● **Work task**:
Give back the line below containing "కొమ్మ : వోడంటే" and every later line, exactly.

● **Records supplied**:
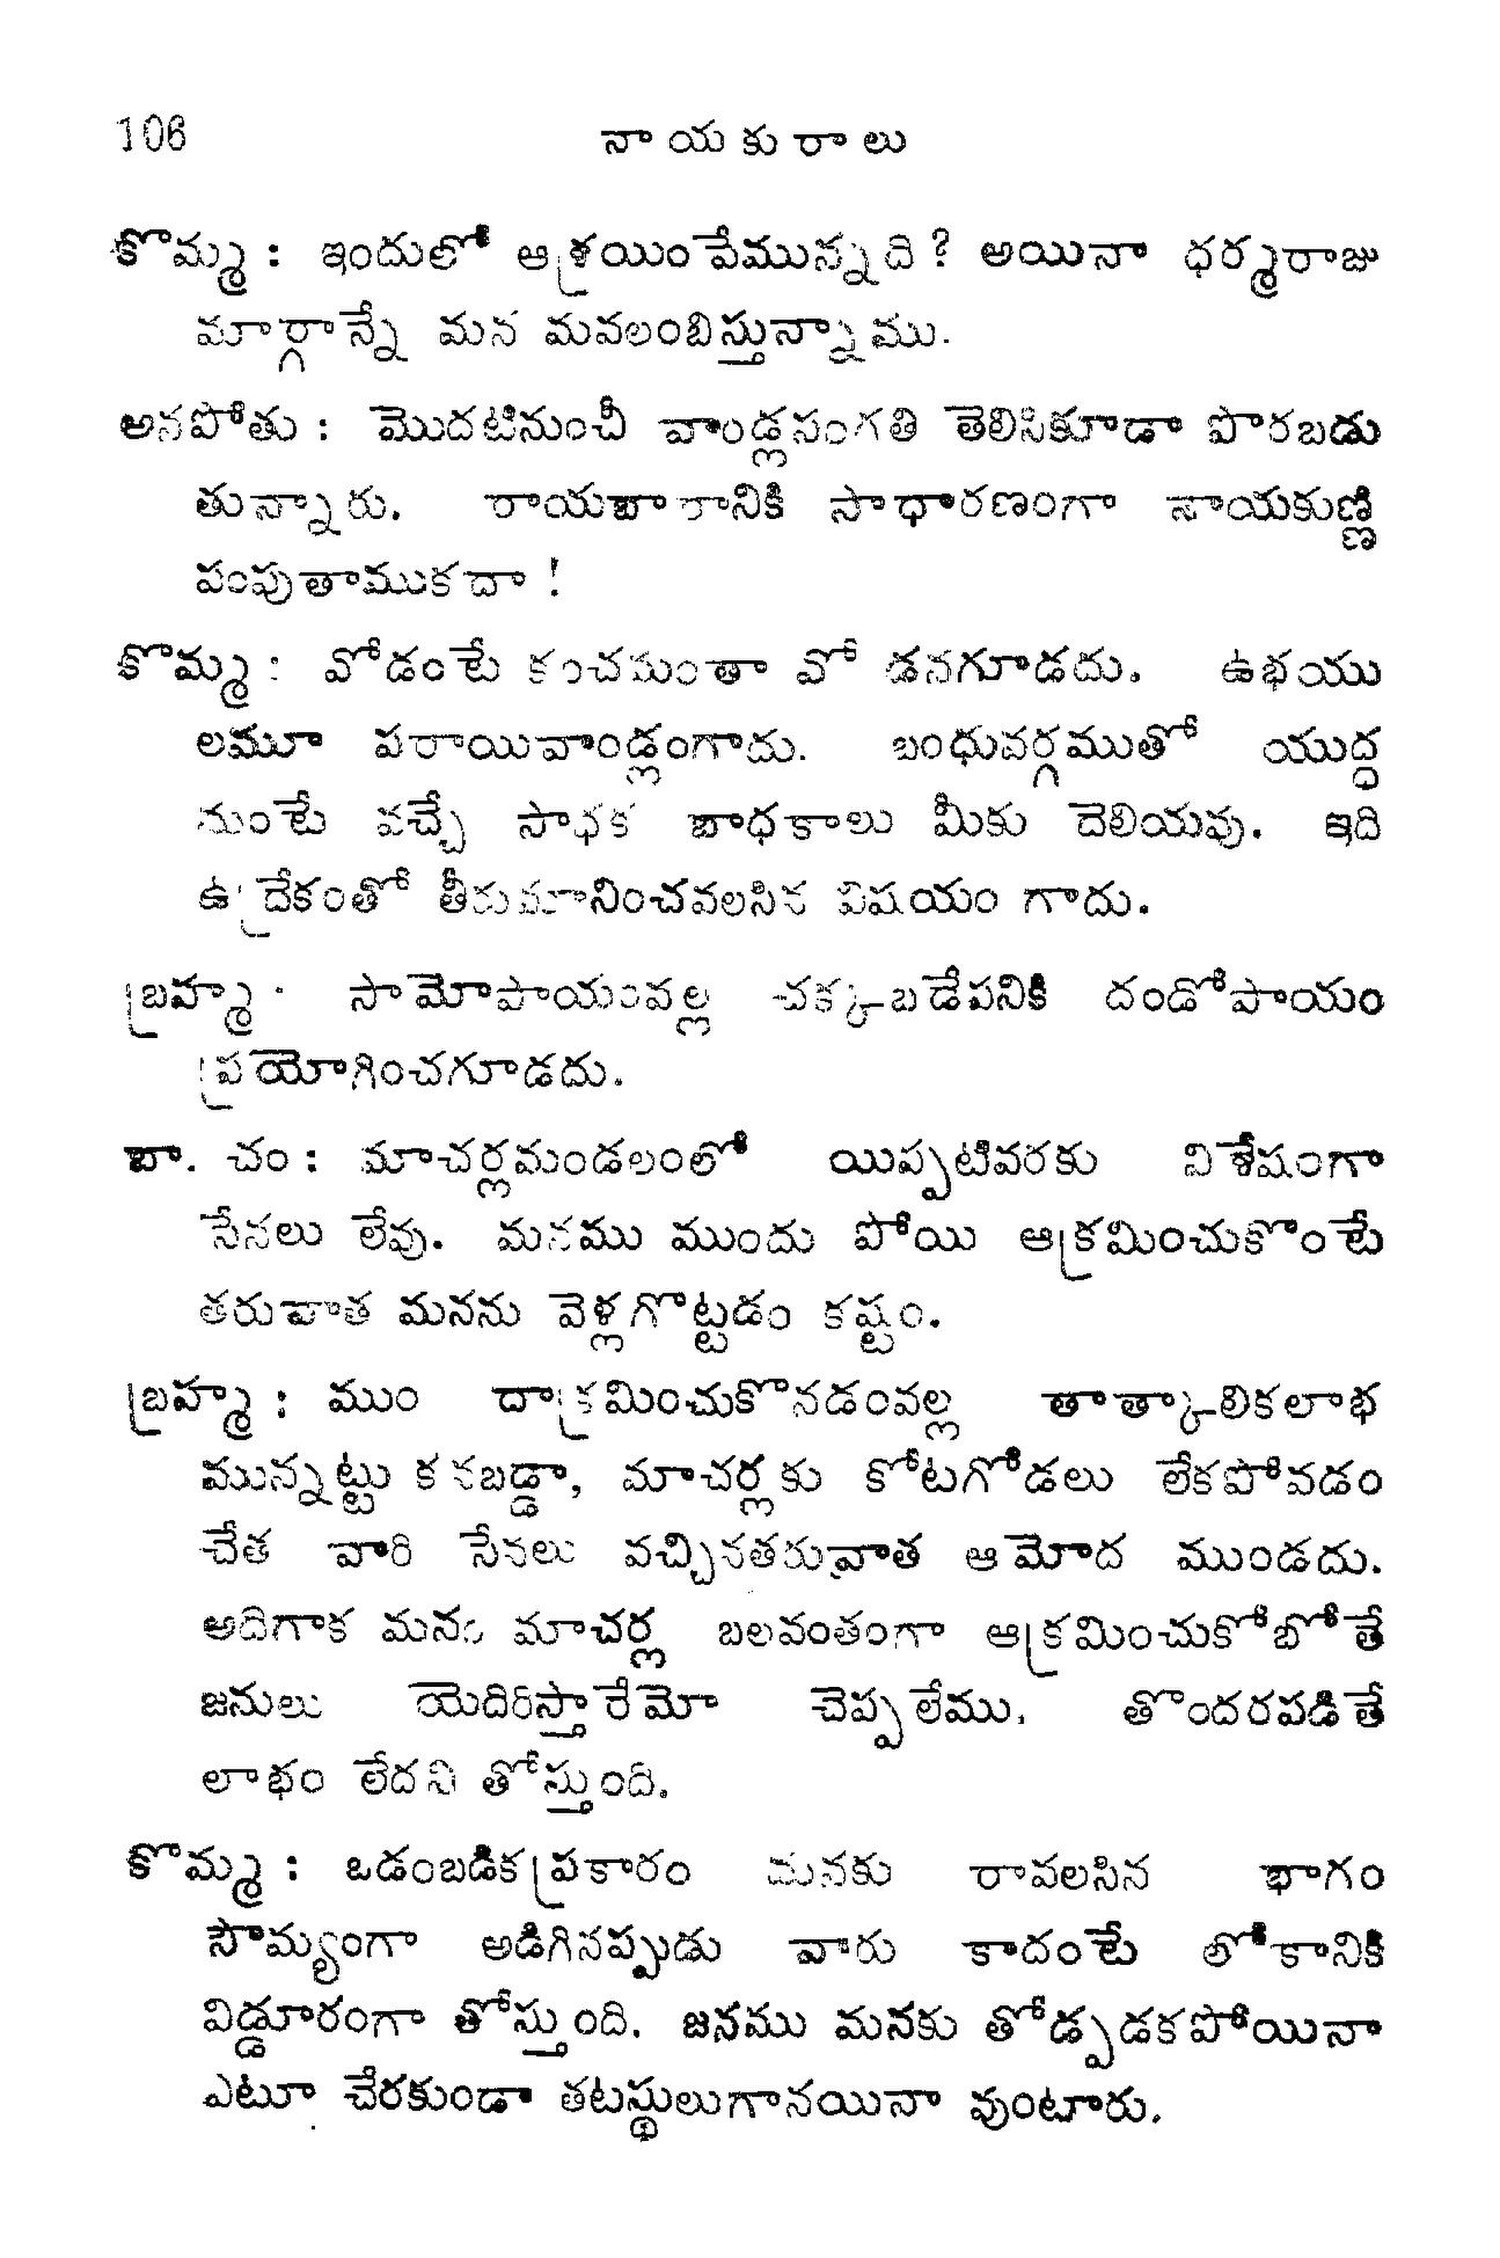కొమ్మ : ఇందులో ఆశ్రయింపేమున్నది? అయినా ధర్మరాజు మార్గాన్నే మన మవలంబిస్తున్నాము.

అనపోతు : మొదటినుంచీ వాండ్లసంగతి తెలిసికూడా పొరబడుతున్నారు. రాయబారానికి సాధారణంగా నాయకుణ్ణి పంపుతాముకదా!

కొమ్మ : వోడంటే కంచమంతా వో డనగూడదు. ఉభయులమూ పరాయివాండ్లంగాదు. బంధువర్గముతో యుద్ధమంటే వచ్చే సాధక బాధకాలు మీకు దెలియవు. ఇది ఉద్రేకంతో తీరుమానించవలసిన విషయం గాదు.

బ్రహ్మ : సామోపాయంవల్ల చక్కబడేపనికి దండోపాయం ప్రయోగించగూడదు.

బా. చం : మాచర్లమండలంలో యిప్పటివరకు విశేషంగా సేనలు లేవు. మనము ముందు పోయి ఆక్రమించుకొంటే తరువాత మనను వెళ్లగొట్టడం కష్టం.

బ్రహ్మ : ముం దాక్రమించుకొనడంవల్ల తాత్కాలికలాభ మున్నట్టు కనబడ్డా, మాచర్లకు కోటగోడలు లేకపోవడం చేత వారి సేనలు వచ్చినతరువాత ఆమోద ముండదు. అదిగాక మనం మాచర్ల బలవంతంగా ఆక్రమించుకోబోతే జనులు యెదిరిస్తారేమో చెప్పలేము. తొందరపడితే లాభం లేదని తోస్తుంది.

కొమ్మ : ఒడంబడికప్రకారం మనకు రావలన భాగం సౌమ్యంగా అడిగినప్పుడు వారు కాదంటే లోకానికి
విడ్డూరంగా తోస్తుంది. జనము మనకు తోడ్పడకపోయినా ఎటూ చేరకుండా తటస్థులుగానయినా వుంటారు.

● **Expected answer**:
కొమ్మ : వోడంటే కంచమంతా వో డనగూడదు. ఉభయులమూ పరాయివాండ్లంగాదు. బంధువర్గముతో యుద్ధమంటే వచ్చే సాధక బాధకాలు మీకు దెలియవు. ఇది ఉద్రేకంతో తీరుమానించవలసిన విషయం గాదు.

బ్రహ్మ : సామోపాయంవల్ల చక్కబడేపనికి దండోపాయం ప్రయోగించగూడదు.

బా. చం : మాచర్లమండలంలో యిప్పటివరకు విశేషంగా సేనలు లేవు. మనము ముందు పోయి ఆక్రమించుకొంటే తరువాత మనను వెళ్లగొట్టడం కష్టం.

బ్రహ్మ : ముం దాక్రమించుకొనడంవల్ల తాత్కాలికలాభ మున్నట్టు కనబడ్డా, మాచర్లకు కోటగోడలు లేకపోవడం చేత వారి సేనలు వచ్చినతరువాత ఆమోద ముండదు. అదిగాక మనం మాచర్ల బలవంతంగా ఆక్రమించుకోబోతే జనులు యెదిరిస్తారేమో చెప్పలేము. తొందరపడితే లాభం లేదని తోస్తుంది.

కొమ్మ : ఒడంబడికప్రకారం మనకు రావలన భాగం సౌమ్యంగా అడిగినప్పుడు వారు కాదంటే లోకానికి
విడ్డూరంగా తోస్తుంది. జనము మనకు తోడ్పడకపోయినా ఎటూ చేరకుండా తటస్థులుగానయినా వుంటారు.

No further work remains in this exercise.